The financial requirements for getting projects built appear to be easing, or at least becoming more flexible, which could be good news for the possible development of additional U.S. LNG export facilities. For Sabine Pass, Cheniere satisfied lenders with a plan to line up 20-year sales and purchase agreements (SPAs) totaling 21.25 MTPA (79 percent of the 27 MTPA total capacity). It already has signed SPAs totaling 19.8 MTPA. The 21 percent of capacity (5.75 MTPA) will be tied to shorter-term deals and spot market sales.

The Corpus Christi project is satisfying lenders by lining up 20-year SPAs for only 10.5 MTPA (47 percent of 22.5 MTPA total capacity). SPAs totaling 8.4 MTPA have been signed to date. The remaining 53 percent (12 MTPA) of capacity will target shorter-term and spot market deals.

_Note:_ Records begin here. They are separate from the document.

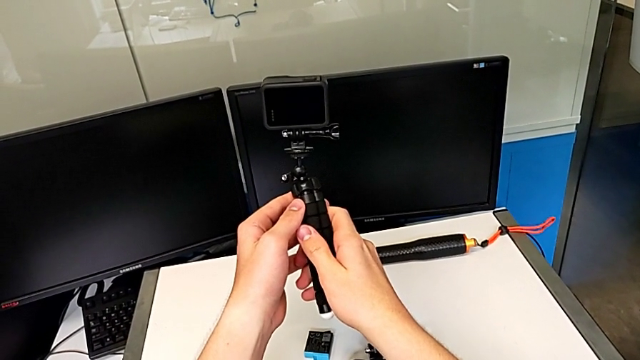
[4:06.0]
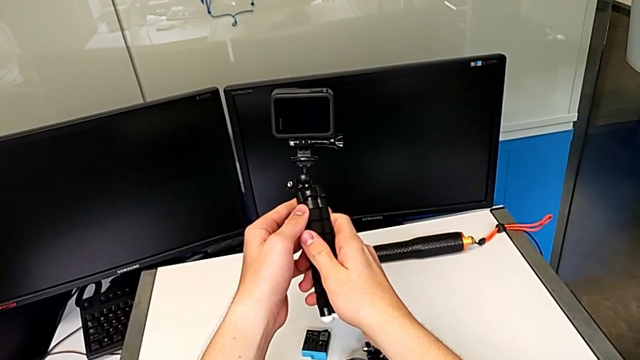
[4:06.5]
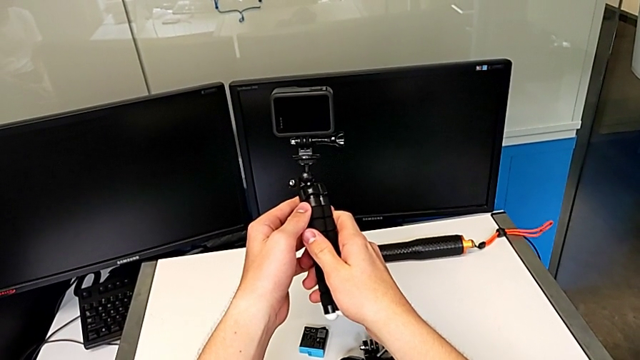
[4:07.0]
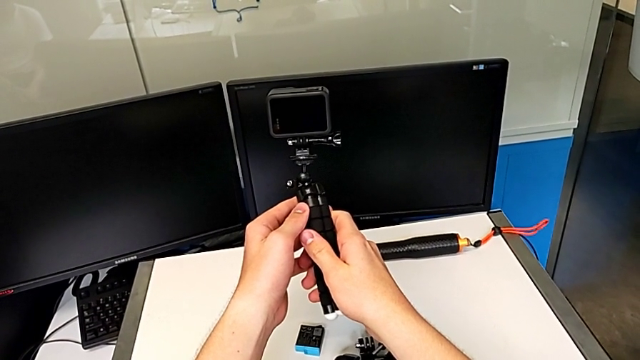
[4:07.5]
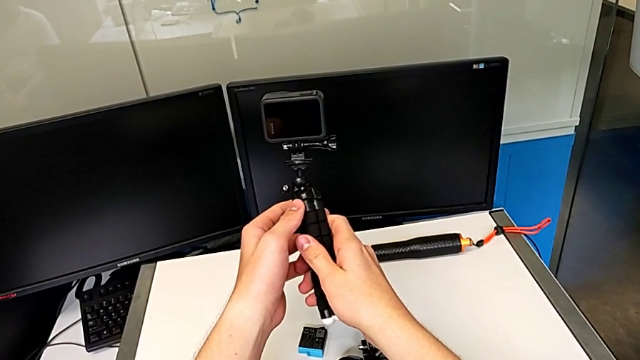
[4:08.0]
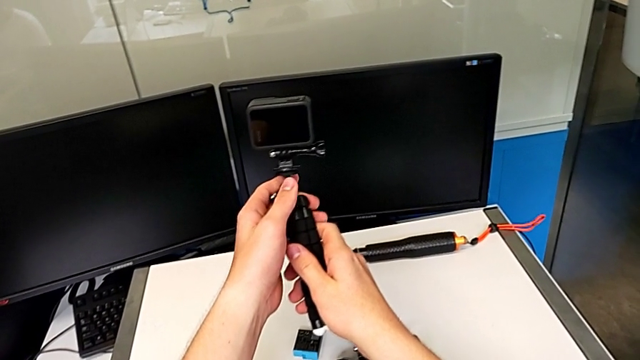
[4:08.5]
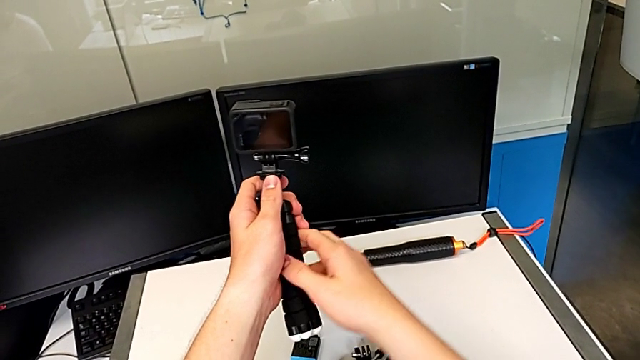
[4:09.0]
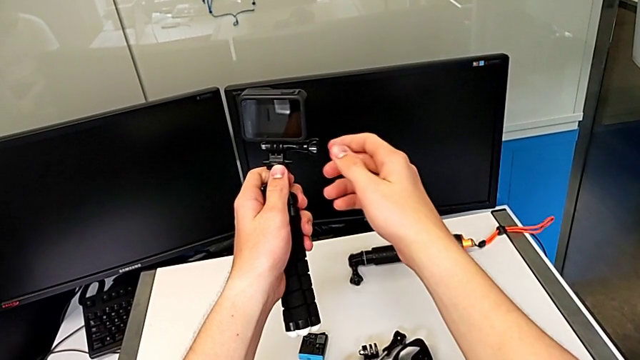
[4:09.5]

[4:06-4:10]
The camera wearer is changing the strap on the tripod. They hold the black tripod.

Interestingly, of the seven entities that have entered 20-year SPAs for capacity at Corpus Christi at fixed liquefaction fees of $3.50 an MMBtu (LNG costs indexed at 115 percent of Henry Hub), five are European-based utilities/traders (Endesa, Iberdrola, Gas Natural Fenosa, Électricité de France, and EDP/Energia de Portugal). The others are Australia’s Woodside Energy Trading and Indonesia’s PT Pertamina. This illustrates that U.S. LNG exports can and will be sold into the worldwide market, and not just into Asia, which at one point was viewed as the primary destination for U.S.-sourced LNG shipments.

E. Russell

E. Russell “Rusty” Braziel is president and chief executive officer of RBN Energy LLC in Houston, an energy consultancy providing analysis and advisory services. He spent 20 years with Texaco (now Chevron), serving as vice president of natural gas marketing and trading, and manager of natural gas liquids supply. Subsequently, Braziel was vice president of business development for The Williams Companies, President of Altra Energy Technologies, and co-owner of Bentek Energy. He holds a B.B.A. and an M.B.A. in business and finance from Stephen F. Austin University.